# TASK BRIEF:
Print the lines that start the entries and continue through the one holding "བསྐུལ། ཨ་ཡང་ཨཱོཾ་འདུ།། ཅེས་པས།", please, exactly and with the pictures omitted.

# DATA SHOWN:
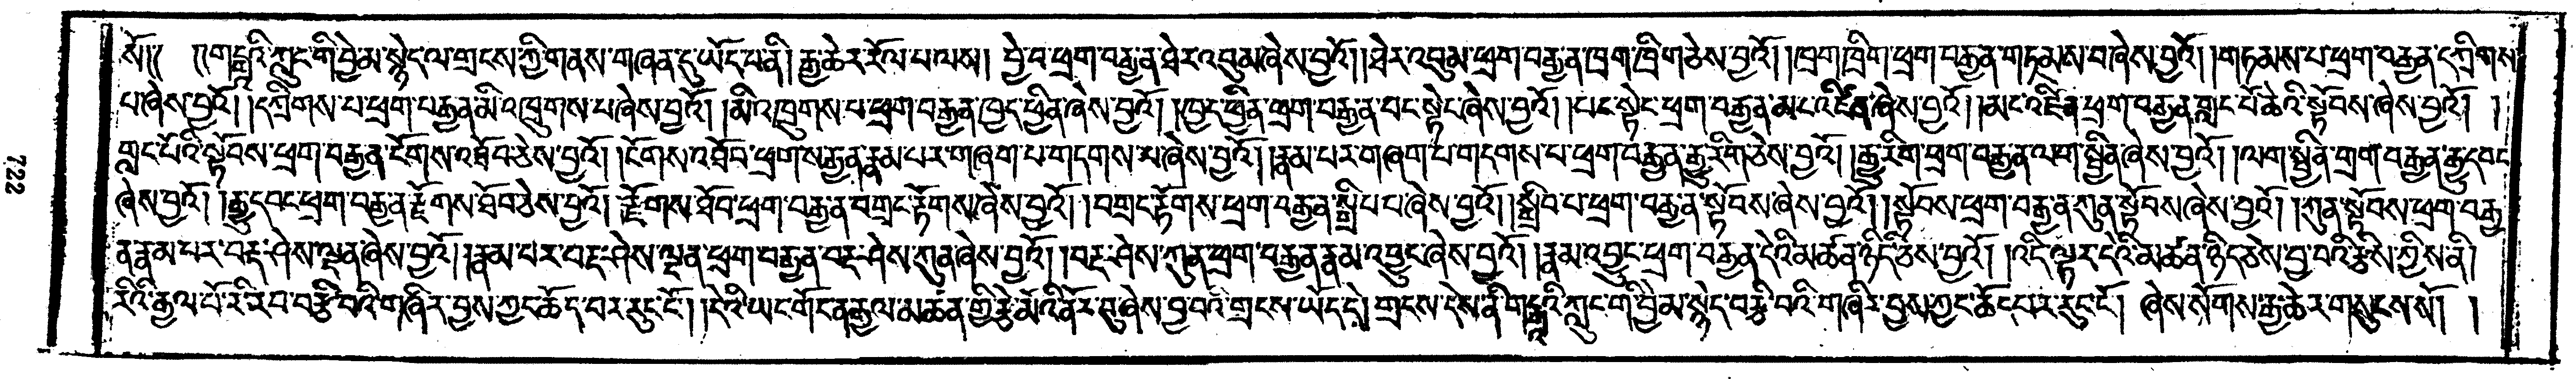སོ༑༑ ༑༑གངྒཱའི་ཀླུང་གི་བྱེ་མ་སྙེད་ལ་གྲངས་ཀྱི་གནས་གཞན་དུ་ཡོད་པ་ནི། རྒྱ་ཆེར་རོལ་པ་ལས། བྱེ་བ་ཕྲག་བརྒྱ་ན་ཐེར་འབུམ་ཞེས་བྱའོ། །ཐེར་འབུམ་ཕྲག་བརྒྱ་ན་ཁྲག་ཁྲིག་ཅེས་བྱའོ། །ཁྲག་ཁྲིག་ཕྲག་བརྒྱན་གཏམས་བཞེས་བྱའོ། །གཏམས་པ་ཕྲག་བརྒྱན་དཀྲིགས་
པ་ཞེས་བྱའོ། །དཀྲིགས་པ་ཕྲག་བརྒྱན་མི་འཁྲུགས་པ་ཞེས་བྱའོ། །མི་འཁྲུགས་པ་ཕྲག་བརྒྱན་ཁྱད་ཕྱིན་ཞེས་བྱའོ། །ཁྱད་ཕྱིན་ཕྲག་བརྒྱན་བང་སྟེང་ཞེས་བྱའོ། །པང་སྟེང་ཕྲག་བརྒྱན་མང་འཛིན་ཞེས་བྱའོ། །མང་འཛིན་ཕྲག་བརྒྱན་གླང་པོ་ཆེའི་སྟོབས་ཞེས་བྱའོ། །
གླང་པོའི་སྟོབས་ཕྲག་བརྒྱན་ངོགས་འཐོབ་ཅེས་བྱའོ། །ངོགས་འཐོབ་ཕྲགས་རྒྱན་རྣམ་པར་གཞག་པ་གདགས་པ་ཞེས་བྱའོ། །རྣམ་པར་གཞག་པ་གདགས་པ་ཕྲག་བརྒྱན་རྒྱུ་རིག་ཅེས་བྱའོ། །རྒྱུ་རིག་ཕྲག་བརྒྱན་ལག་སྦྱིན་ཞེས་བྱའོ། །ལག་སྦྱིན་གྲག་བརྒྱན་རྒྱུ་དབང་
ཞེས་བྱའོ། །རྒྱུ་དབང་ཕྲག་བརྒྱ་ན་རྫོགས་ཐོབ་ཅེས་བྱའོ། །རྫོགས་ཐོབ་ཕྲག་བརྒྱ་ན་བགྲང་རྟོགས་ཞེས་བྱའོ། །བགྲང་རྟོགས་ཕྲག་བརྒྱན་སྒྲིབ་པ་ཞེས་བྱའོ། །སྒྲིབ་པ་ཕྲག་བརྒྱ་ན་སྟོབས་ཞེས་བྱའོ། །སྟོབས་ཕྲག་བརྒྱ་ན་ཀུན་སྟོབས་ཞེས་བྱའོ། །ཀུན་སྟོབས་ཕྲག་བརྒྱ་
ན་རྣམ་པར་བརྡ་ཤེས་ལྡན་ཞེས་བྱའོ། །རྣམ་པར་བརྡ་ཤེས་ལྡན་ཕྲག་བརྒྱན་བརྡ་ཤེས་ཀུན་ཞེས་བྱའོ། །བརྡ་ཤེས་ཀུན་ཕྲག་བརྒྱན་རྣམ་འབྱུང་ཞེས་བྱའོ། །རྣམ་འབྱུང་ཕྲག་བརྒྱན་དེའི་མཚན་ཉིད་ཅེས་བྱའོ། །འདི་ལྟར་དེའི་མཚན་ཉིད་ཅེས་བྱ་བའི་རྩིས་ཀྱིས་ནི།
རིའི་རྒྱལ་པོ་རི་རབ་བརྩི་བའི་གཞིར་བྱས་ཀྱང་ཆོད་བར་རུང་ངོ། །དེའི་ཡང་གོང་ན་རྒྱལ་མཚན་གྱི་རྩེ་མོའི་ནོར་བུ་ཞེས་བྱ་བའི་གྲངས་ཡོད་དེ། གྲངས་དེས་ནི་གངྒཱའི་ཀླུང་གི་བྱེ་མ་སྙེད་བརྩི་བའི་གཞིར་བྱས་ཀྱང་ཆོད་པར་རུང་ངོ། ཞེས་སོགས་རྒྱ་ཆེར་གསུངས་སོ། །
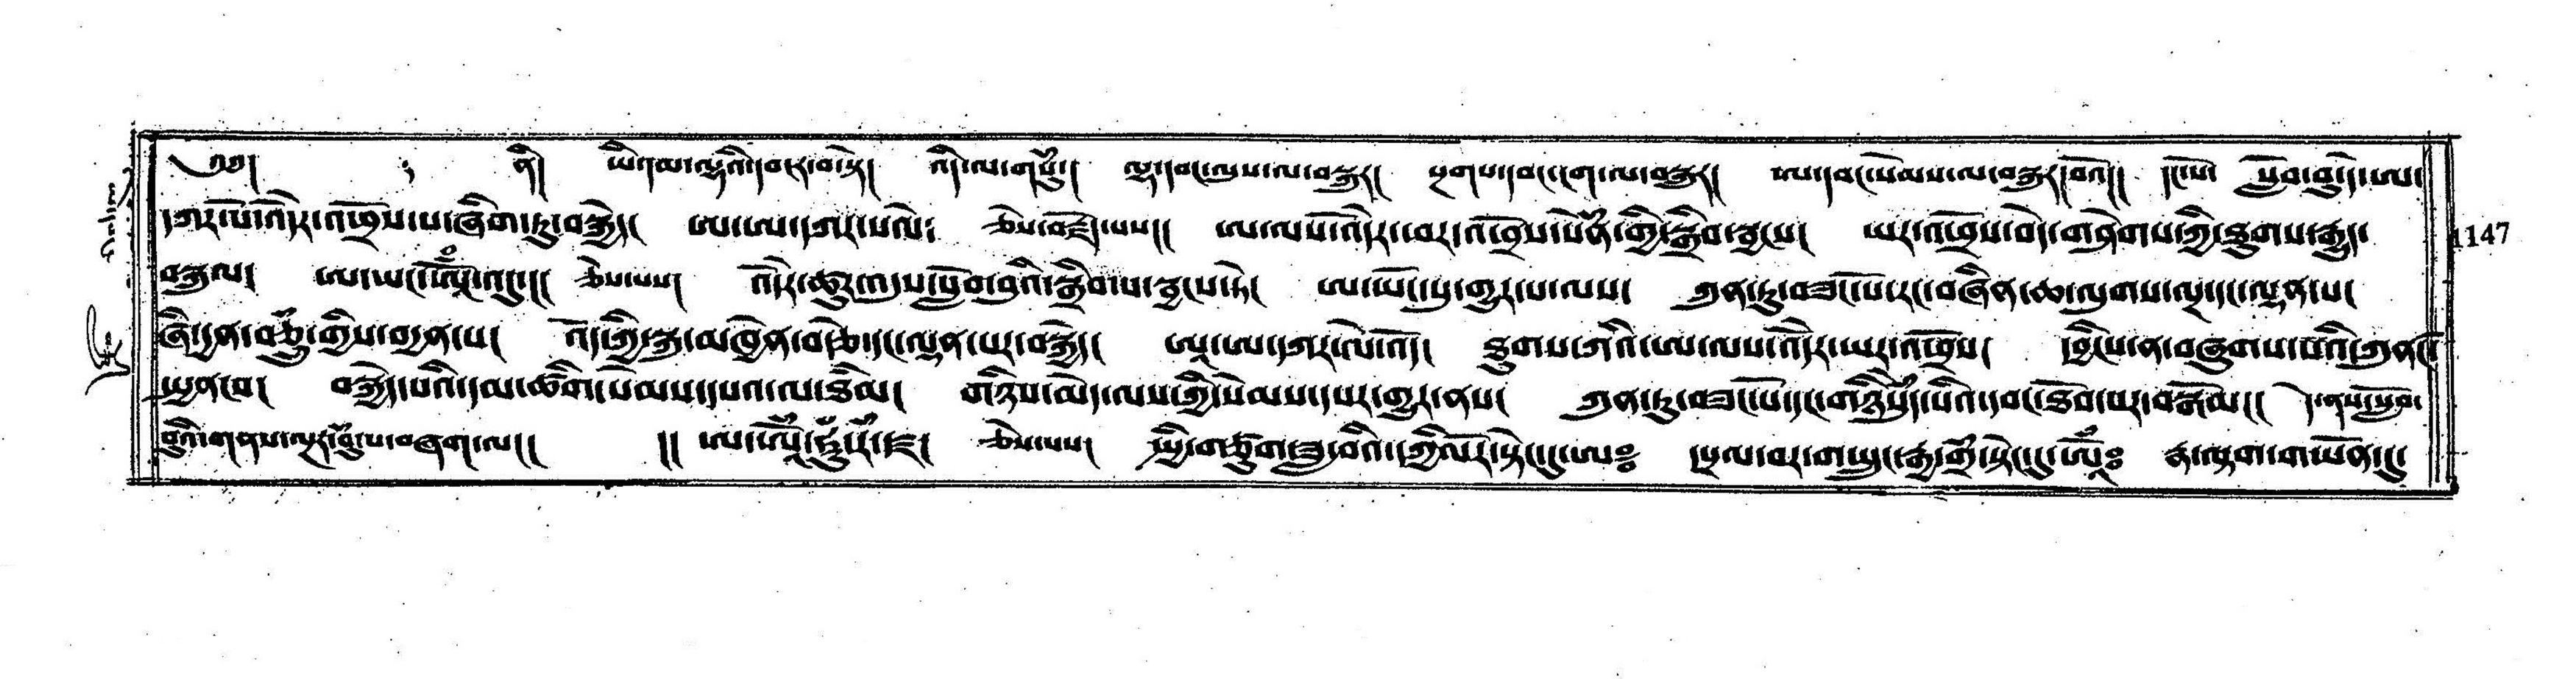ནི། ཡི་དམ་ལྷའི་དབང་བསྐུར་བ་སྟེ། འདི་ལ་གསུམ། ལྷ་དབང་ལུས་ལ་བསྐུར། སྔགས་དབང་ངག་ལ་བསྐུར། ཨ་དབང་སེམས་ལ་བསྐུར་བའོ།། དང་པོ་སློབ་བུ་དེ་ཨ་
དཀར་པོ་འོད་ཟེར་འཕྲོས་པ་ཞིག་ཏུ་བསྐྱེད། ཨ་ཨ་དཀར་སལེ༴ ཅེས་བརྗོད་པས།། ཨ་ལས་འོད་ཟེར་ཕར་འཕྲོས་སེམས་ཅན་གྱི་སྒྲིབ་སྦྱངས། ཡར་འཕྲོས་བདེ་གཤེགས་ཀྱི་ཐུགས་རྒྱུད་
བསྐུལ། ཨ་ཡང་ཨཱོཾ་འདུ།། ཅེས་པས། འོད་ཟེར་ཚུར་འདུས་སློབ་བུའི་སྒྲིབ་པ་སྦྱངས་ཏེ། ཨ་ཡོང་སུ་གྱུར་པ་ལས་ཀུན་ཏུ་བཟང་པོ་རང་བཞིན་ཆ་ལུགས་ལྔ་དང་ལྡན་པ། 
ཞི་རྒྱན་བཅུ་གསུམ་གྱིས་བརྒྱན་པ། འོད་ཀྱི་སྐུ་མཁྱེན་བརྩེ་དང་ལྡན་པར་བསྐྱེད། ཨཱ་ཨ་དཀར་ལེ་འོད། ཐུགས་ཀའི་ཨ་ལས་འོད་ཟེར་ཡར་འཕྲོས། དབྱིངས་ན་བཞུགས་པའི་ཀུན་
བཟང་སྤྱན་དྲངས། བསྐྱེད་པའི་དམ་ཚིག་སེམས་དཔའ་ལ་ཐིམ། གཉིས་མེད་ལས་ཀྱི་སེམས་དཔར་གྱུར་ནས། ཀུན་ཏུ་བཟང་པོ་དང་གཉིས་སུ་མེད་པའི་དབང་ཐོབ་པར་བསྒོམ།། དེ་ནས་སློབ་
བུའི་གནས་ལྔར་བུམ་པ་བཞག་ལ།། །།ཨ་ཨཱོཾ་ཧཱུྃ་རཾ་ཛ། ཅེས་པས། སྤྱི་གཙུག་ཟླ་བའི་དཀྱིལ་འཁོར་སྟེང་དུ་ཨ༔ དཔྲལ་བར་གཡུང་དྲུང་རྒྱ་གྲམ་སྟེང་དུ་ཨཱོཾཿ རྣ་ལྟག་གཡོན་དུ་

# OUTPUT OF THE EXERCISE:
སོ༑༑ ༑༑གངྒཱའི་ཀླུང་གི་བྱེ་མ་སྙེད་ལ་གྲངས་ཀྱི་གནས་གཞན་དུ་ཡོད་པ་ནི། རྒྱ་ཆེར་རོལ་པ་ལས། བྱེ་བ་ཕྲག་བརྒྱ་ན་ཐེར་འབུམ་ཞེས་བྱའོ། །ཐེར་འབུམ་ཕྲག་བརྒྱ་ན་ཁྲག་ཁྲིག་ཅེས་བྱའོ། །ཁྲག་ཁྲིག་ཕྲག་བརྒྱན་གཏམས་བཞེས་བྱའོ། །གཏམས་པ་ཕྲག་བརྒྱན་དཀྲིགས་
པ་ཞེས་བྱའོ། །དཀྲིགས་པ་ཕྲག་བརྒྱན་མི་འཁྲུགས་པ་ཞེས་བྱའོ། །མི་འཁྲུགས་པ་ཕྲག་བརྒྱན་ཁྱད་ཕྱིན་ཞེས་བྱའོ། །ཁྱད་ཕྱིན་ཕྲག་བརྒྱན་བང་སྟེང་ཞེས་བྱའོ། །པང་སྟེང་ཕྲག་བརྒྱན་མང་འཛིན་ཞེས་བྱའོ། །མང་འཛིན་ཕྲག་བརྒྱན་གླང་པོ་ཆེའི་སྟོབས་ཞེས་བྱའོ། །
གླང་པོའི་སྟོབས་ཕྲག་བརྒྱན་ངོགས་འཐོབ་ཅེས་བྱའོ། །ངོགས་འཐོབ་ཕྲགས་རྒྱན་རྣམ་པར་གཞག་པ་གདགས་པ་ཞེས་བྱའོ། །རྣམ་པར་གཞག་པ་གདགས་པ་ཕྲག་བརྒྱན་རྒྱུ་རིག་ཅེས་བྱའོ། །རྒྱུ་རིག་ཕྲག་བརྒྱན་ལག་སྦྱིན་ཞེས་བྱའོ། །ལག་སྦྱིན་གྲག་བརྒྱན་རྒྱུ་དབང་
ཞེས་བྱའོ། །རྒྱུ་དབང་ཕྲག་བརྒྱ་ན་རྫོགས་ཐོབ་ཅེས་བྱའོ། །རྫོགས་ཐོབ་ཕྲག་བརྒྱ་ན་བགྲང་རྟོགས་ཞེས་བྱའོ། །བགྲང་རྟོགས་ཕྲག་བརྒྱན་སྒྲིབ་པ་ཞེས་བྱའོ། །སྒྲིབ་པ་ཕྲག་བརྒྱ་ན་སྟོབས་ཞེས་བྱའོ། །སྟོབས་ཕྲག་བརྒྱ་ན་ཀུན་སྟོབས་ཞེས་བྱའོ། །ཀུན་སྟོབས་ཕྲག་བརྒྱ་
ན་རྣམ་པར་བརྡ་ཤེས་ལྡན་ཞེས་བྱའོ། །རྣམ་པར་བརྡ་ཤེས་ལྡན་ཕྲག་བརྒྱན་བརྡ་ཤེས་ཀུན་ཞེས་བྱའོ། །བརྡ་ཤེས་ཀུན་ཕྲག་བརྒྱན་རྣམ་འབྱུང་ཞེས་བྱའོ། །རྣམ་འབྱུང་ཕྲག་བརྒྱན་དེའི་མཚན་ཉིད་ཅེས་བྱའོ། །འདི་ལྟར་དེའི་མཚན་ཉིད་ཅེས་བྱ་བའི་རྩིས་ཀྱིས་ནི།
རིའི་རྒྱལ་པོ་རི་རབ་བརྩི་བའི་གཞིར་བྱས་ཀྱང་ཆོད་བར་རུང་ངོ། །དེའི་ཡང་གོང་ན་རྒྱལ་མཚན་གྱི་རྩེ་མོའི་ནོར་བུ་ཞེས་བྱ་བའི་གྲངས་ཡོད་དེ། གྲངས་དེས་ནི་གངྒཱའི་ཀླུང་གི་བྱེ་མ་སྙེད་བརྩི་བའི་གཞིར་བྱས་ཀྱང་ཆོད་པར་རུང་ངོ། ཞེས་སོགས་རྒྱ་ཆེར་གསུངས་སོ། །
ནི། ཡི་དམ་ལྷའི་དབང་བསྐུར་བ་སྟེ། འདི་ལ་གསུམ། ལྷ་དབང་ལུས་ལ་བསྐུར། སྔགས་དབང་ངག་ལ་བསྐུར། ཨ་དབང་སེམས་ལ་བསྐུར་བའོ།། དང་པོ་སློབ་བུ་དེ་ཨ་
དཀར་པོ་འོད་ཟེར་འཕྲོས་པ་ཞིག་ཏུ་བསྐྱེད། ཨ་ཨ་དཀར་སལེ༴ ཅེས་བརྗོད་པས།། ཨ་ལས་འོད་ཟེར་ཕར་འཕྲོས་སེམས་ཅན་གྱི་སྒྲིབ་སྦྱངས། ཡར་འཕྲོས་བདེ་གཤེགས་ཀྱི་ཐུགས་རྒྱུད་
བསྐུལ། ཨ་ཡང་ཨཱོཾ་འདུ།། ཅེས་པས། འོད་ཟེར་ཚུར་འདུས་སློབ་བུའི་སྒྲིབ་པ་སྦྱངས་ཏེ། ཨ་ཡོང་སུ་གྱུར་པ་ལས་ཀུན་ཏུ་བཟང་པོ་རང་བཞིན་ཆ་ལུགས་ལྔ་དང་ལྡན་པ། 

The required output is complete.